Just One Drop — The Science of Homeopathy

Share this post

For years, homeopathy has been unfairly maligned by the American Medical Association (AMA), FDA and mainstream medicine as a worthless placebo that lacks any scientific evidence of effectiveness.

If you listen to these aggressive mainstream critics, you would never know that homeopathy was originally a well-accepted medical practice taught in medical schools, which conferred degrees in the specialty. There were even homeopathic hospitals and the practice was supported by governments and influential leaders.

Homeopathy was developed by Dr. Samuel Hahnemann (1755-1843), a German physician to the royal family, who was appalled at the traditional medical practices of his day, such as bloodletting and the administration of mercury and arsenic that did more harm than good.

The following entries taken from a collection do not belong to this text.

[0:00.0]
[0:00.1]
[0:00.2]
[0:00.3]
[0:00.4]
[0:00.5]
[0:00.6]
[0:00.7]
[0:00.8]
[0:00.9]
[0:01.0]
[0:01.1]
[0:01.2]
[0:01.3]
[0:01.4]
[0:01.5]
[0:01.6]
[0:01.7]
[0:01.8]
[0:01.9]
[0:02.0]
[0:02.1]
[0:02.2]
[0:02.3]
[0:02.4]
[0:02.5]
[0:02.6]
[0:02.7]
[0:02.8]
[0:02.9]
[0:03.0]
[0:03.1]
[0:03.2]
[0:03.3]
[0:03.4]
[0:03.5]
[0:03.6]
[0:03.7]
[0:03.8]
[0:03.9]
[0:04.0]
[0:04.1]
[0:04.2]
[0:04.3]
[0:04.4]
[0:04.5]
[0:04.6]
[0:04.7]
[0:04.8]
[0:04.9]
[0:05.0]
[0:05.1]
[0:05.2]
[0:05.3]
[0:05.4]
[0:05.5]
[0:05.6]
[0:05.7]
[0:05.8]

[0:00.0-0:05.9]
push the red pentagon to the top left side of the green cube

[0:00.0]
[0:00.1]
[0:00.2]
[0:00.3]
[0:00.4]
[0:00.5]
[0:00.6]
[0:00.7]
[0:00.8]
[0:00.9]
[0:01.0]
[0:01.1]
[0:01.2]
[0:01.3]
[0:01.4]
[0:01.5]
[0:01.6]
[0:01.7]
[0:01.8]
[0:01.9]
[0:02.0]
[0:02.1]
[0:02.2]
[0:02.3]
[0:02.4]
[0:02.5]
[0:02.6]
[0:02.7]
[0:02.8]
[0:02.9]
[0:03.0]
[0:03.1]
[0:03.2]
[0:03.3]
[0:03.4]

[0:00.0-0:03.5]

What began Hahnemann’s inquiries was learning that quinine — the bark of the cinchona tree — treated the effects of malaria by producing a condition similar to it, a principle known as the law of similars, or “like cures like.”1

The documentary “Just One Drop” reveals the medical history of homeopathy, its widespread, global usage, benefits to patients and its continued maligning by mainstream medicine.

Dawn of a New Idea

Hahnemann began as a traditional physician but left medicine in pursuit of a better way because of the harm he was seeing, according to “Just One Drop.” After learning about quinine’s actions on malaria, Hahnemann began experimenting with other substances and various dilutions to reduce their toxicities in remedies.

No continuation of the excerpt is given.